The array and Warp examples also take
--neighbours {matscipy,matscipy-classic,vesin}, so the
Benchmark compares this library's list against the classic
matscipy 1.2.0 package and vesin feeding
the same kernels.
Running¶
# Python (extension on PYTHONPATH)
python examples/lj_langevin/lj_langevin.py --device cpu --steps 2000 --out traj.xyz
python examples/lj_langevin/lj_langevin.py --device gpu --steps 2000 --out traj.xyz
python examples/lj_langevin/lj_langevin_jax.py --device cpu --steps 2000 --out traj.xyz
# Warp kernels + this library's neighbour list (or vesin, --neighbours vesin)
python examples/lj_langevin/lj_langevin_warp.py --device gpu --neighbours matscipy --atoms 2000
# C++ (BUILD_EXAMPLES=ON; the GPU binary needs ENABLE_CUDA=ON)
./build/examples/lj_langevin/lj_langevin_cpu --steps 2000 --out traj.xyz
./build/examples/lj_langevin/lj_langevin_gpu --steps 2000 --out traj.xyz
The Warp example additionally needs warp-lang, muTimer, and (for the vesin
comparison) vesin: pip install warp-lang muTimer vesin. On WSL, put
libcuda.so on LD_LIBRARY_PATH (e.g. /usr/lib/wsl/lib) for the vesin GPU
path.
Scaling benchmark¶
The Benchmark page sweeps logarithmically spaced droplet sizes
(100, 1000, … up to the GPU memory) over the full cross-product of device
(CPU/GPU), neighbour list and kernels (Warp / array / JAX / C++), with a
time-vs-atoms plot faceted by kernel. The neighbour-list backends are
matscipy-neighbours (this library), matscipy 1.2.0 (the classic
matscipy package, the CPU reference this library descends from) and vesin.
It is generated by examples/lj_langevin/benchmark.py (re-run it to refresh the
numbers for your own hardware). The broad picture:
- The neighbour-list build dominates the step, so the list choice drives the scaling: matscipy-neighbours' cell list stays close to linear on both devices, matscipy 1.2.0 is a single-threaded CPU reference, while vesin's GPU path falls behind for these large, low-density droplets.
- The kernel choice mostly shifts the curve — the fused C++/CUDA and Warp
kernels avoid materialising per-pair arrays; the array (NumPy/CuPy) path is the
simplest; JAX
jit-compiles a dense masked sum. - On the CPU the matscipy list is benchmarked single-threaded (
(1t)) and multi-threaded ((mt)); the gap widens with size, and multithreading actually hurts for tiny droplets (thread-spawn overhead).
vesin and matscipy 1.2.0 only feed the Warp and array kernels (JAX needs the
dense neighbour_matrix and C++ uses the in-tree core); matscipy 1.2.0 is also
CPU-only.
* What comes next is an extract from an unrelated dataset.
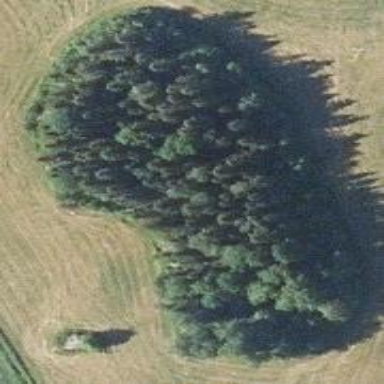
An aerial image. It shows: Forest area predominantly covered with needle-leaved trees.
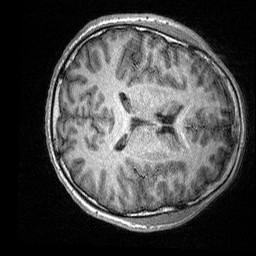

Those cells are left empty.
JAX and the dense neighbour list¶
JAX compiles for static array shapes, so the variable-size pair list is a poor
fit: it makes XLA recompile every step (a naive eager loop is ~1.3 s/step,
compile-bound, on both CPU and GPU). The dense fixed-capacity neighbour_matrix
(n x K rows) gives static shapes so the per-step update jit-compiles once —
which is what makes the JAX rows above fast. Pick --max-neighbours large enough
for the densest atom (the call raises if it is too small). JAX defaults to
float32; the example enables jax_enable_x64 (the list works in float64).